(Stored data entries)
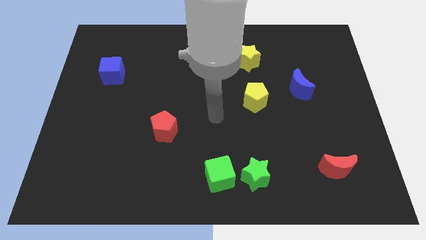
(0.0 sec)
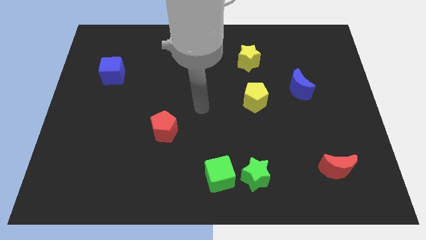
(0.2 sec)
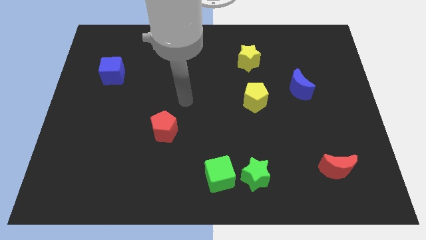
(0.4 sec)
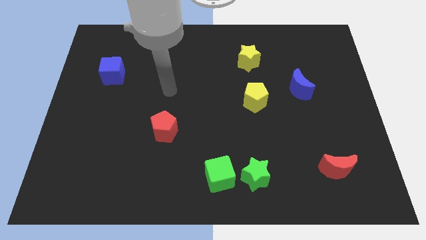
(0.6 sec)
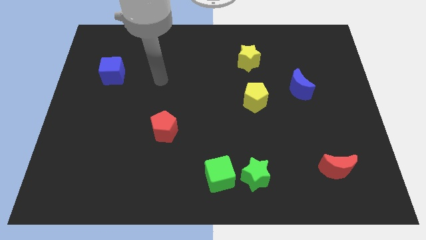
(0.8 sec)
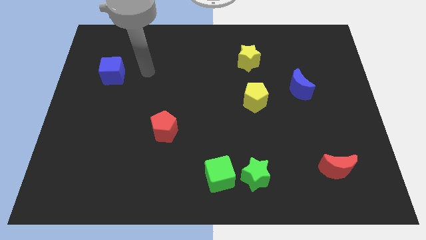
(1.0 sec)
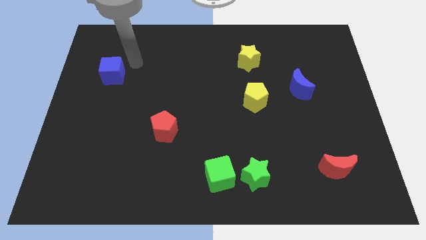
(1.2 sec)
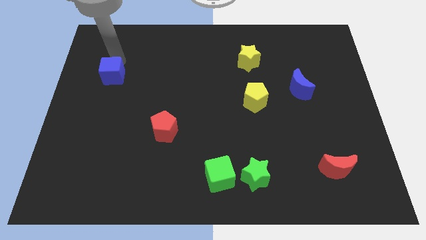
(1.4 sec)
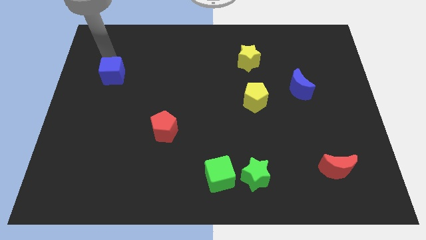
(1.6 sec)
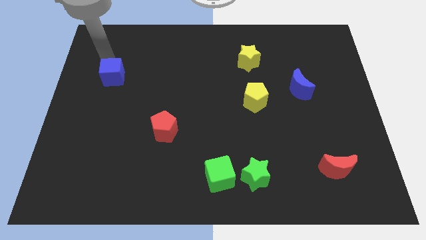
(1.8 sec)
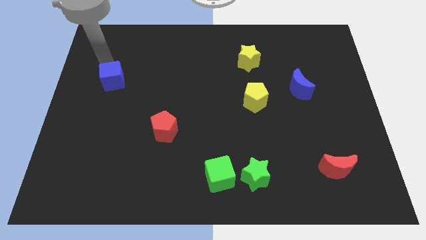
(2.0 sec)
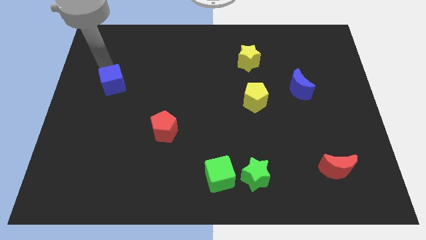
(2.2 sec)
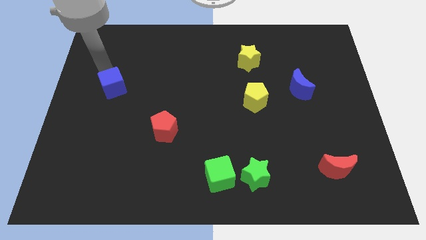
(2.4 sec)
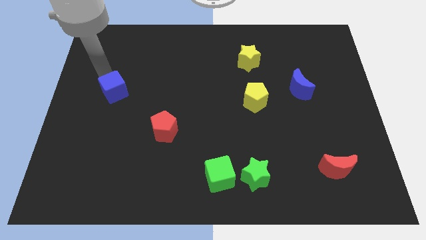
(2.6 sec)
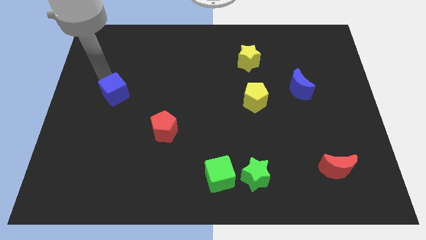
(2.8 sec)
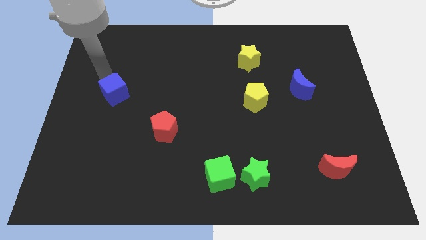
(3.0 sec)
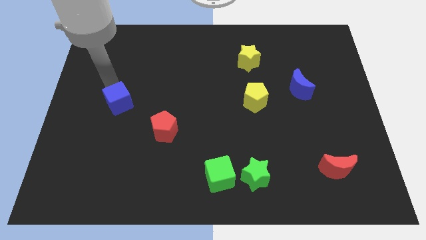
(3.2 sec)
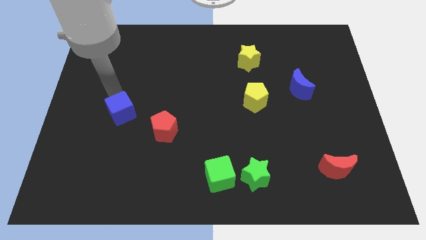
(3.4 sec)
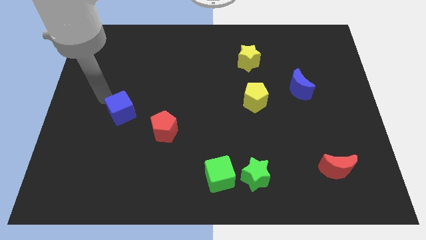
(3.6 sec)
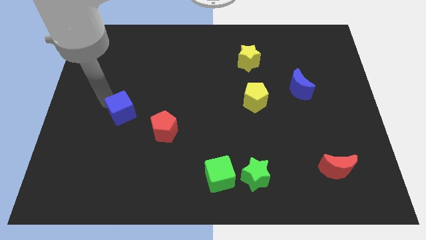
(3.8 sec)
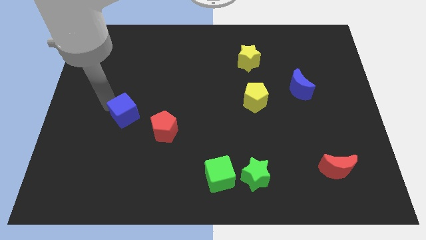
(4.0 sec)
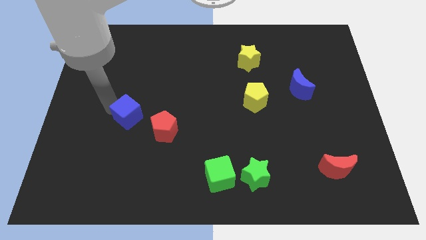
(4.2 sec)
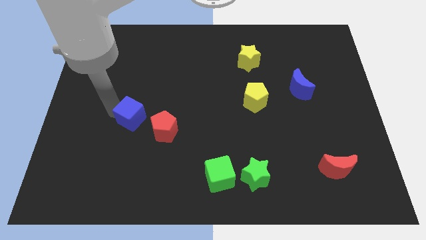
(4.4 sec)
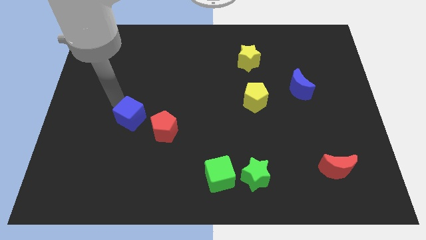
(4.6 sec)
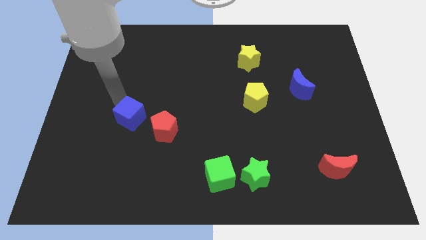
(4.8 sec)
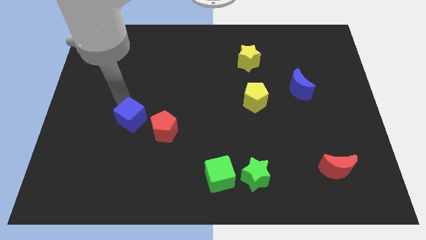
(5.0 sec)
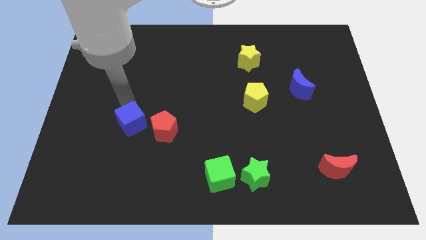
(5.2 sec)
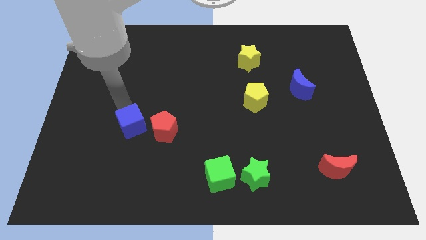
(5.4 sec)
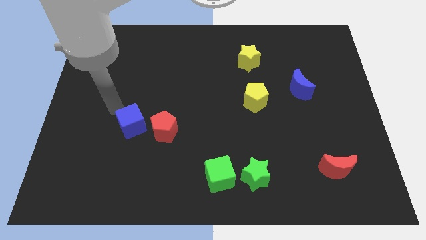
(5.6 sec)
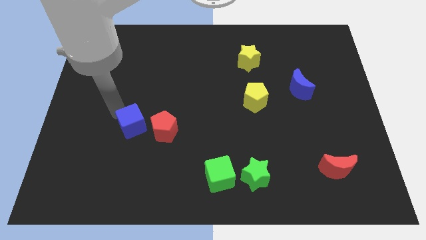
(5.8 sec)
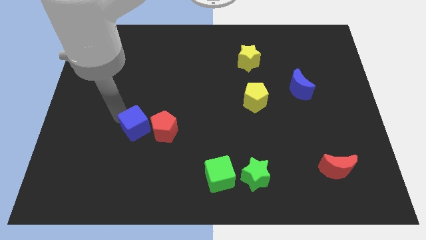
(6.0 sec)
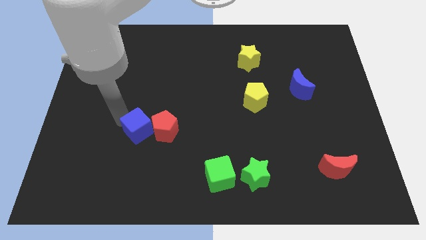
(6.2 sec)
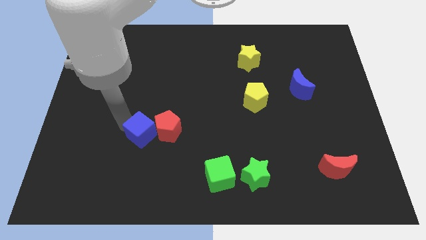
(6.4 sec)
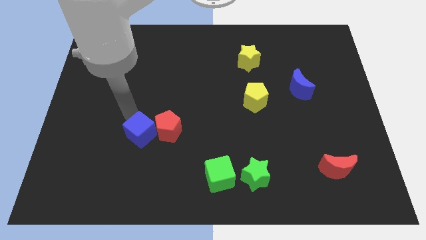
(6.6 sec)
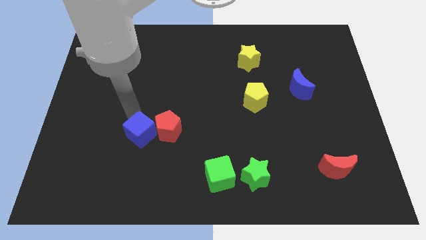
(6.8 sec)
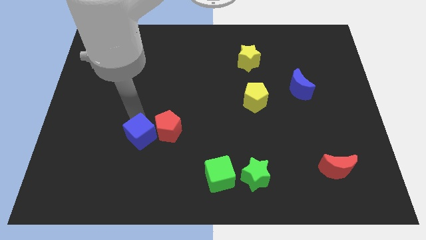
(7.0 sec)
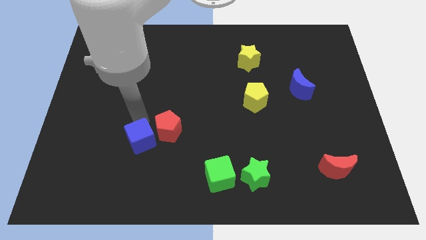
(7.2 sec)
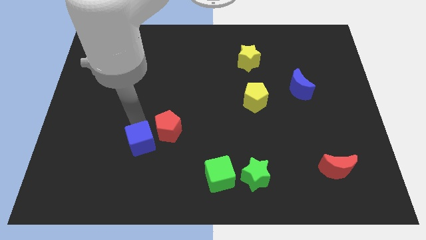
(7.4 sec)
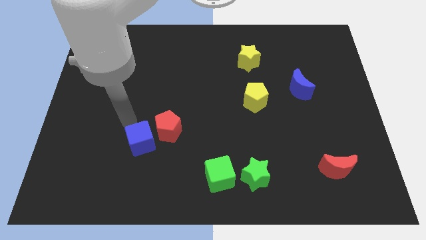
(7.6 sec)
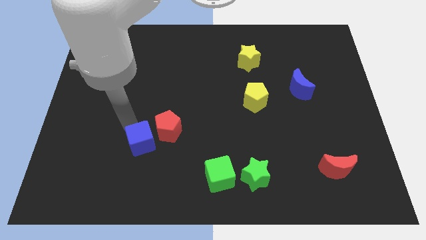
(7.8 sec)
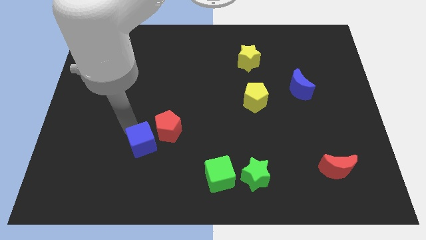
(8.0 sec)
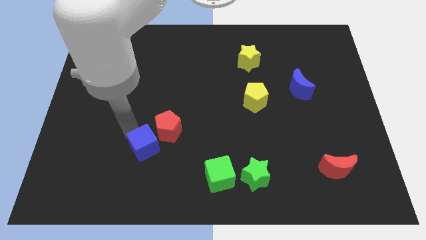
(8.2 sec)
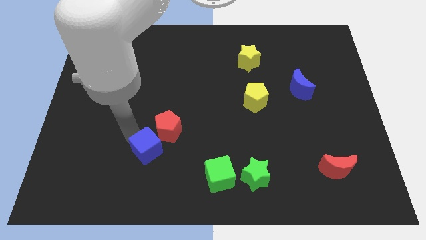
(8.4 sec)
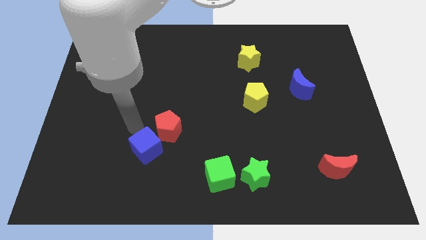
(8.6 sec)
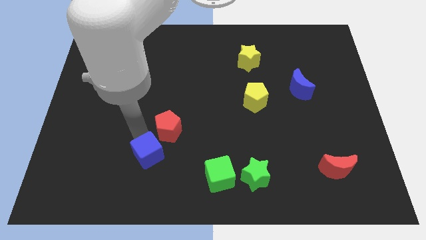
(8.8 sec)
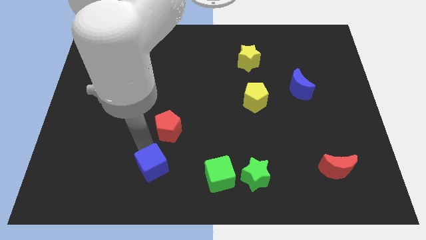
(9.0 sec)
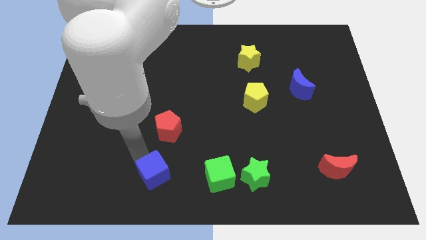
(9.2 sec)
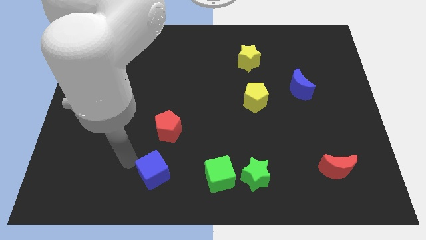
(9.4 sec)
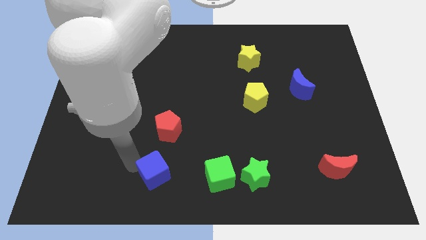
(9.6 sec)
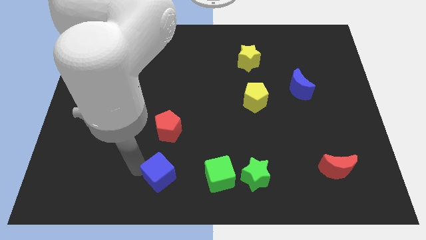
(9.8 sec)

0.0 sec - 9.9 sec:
push the blue cube to the bottom

BRIEF:
Repeat the preceding records precisely, and leave every picture out of the copy.

REPLY:
(0.0 sec)
(0.2 sec)
(0.4 sec)
(0.6 sec)
(0.8 sec)
(1.0 sec)
(1.2 sec)
(1.4 sec)
(1.6 sec)
(1.8 sec)
(2.0 sec)
(2.2 sec)
(2.4 sec)
(2.6 sec)
(2.8 sec)
(3.0 sec)
(3.2 sec)
(3.4 sec)
(3.6 sec)
(3.8 sec)
(4.0 sec)
(4.2 sec)
(4.4 sec)
(4.6 sec)
(4.8 sec)
(5.0 sec)
(5.2 sec)
(5.4 sec)
(5.6 sec)
(5.8 sec)
(6.0 sec)
(6.2 sec)
(6.4 sec)
(6.6 sec)
(6.8 sec)
(7.0 sec)
(7.2 sec)
(7.4 sec)
(7.6 sec)
(7.8 sec)
(8.0 sec)
(8.2 sec)
(8.4 sec)
(8.6 sec)
(8.8 sec)
(9.0 sec)
(9.2 sec)
(9.4 sec)
(9.6 sec)
(9.8 sec)

0.0 sec - 9.9 sec:
push the blue cube to the bottom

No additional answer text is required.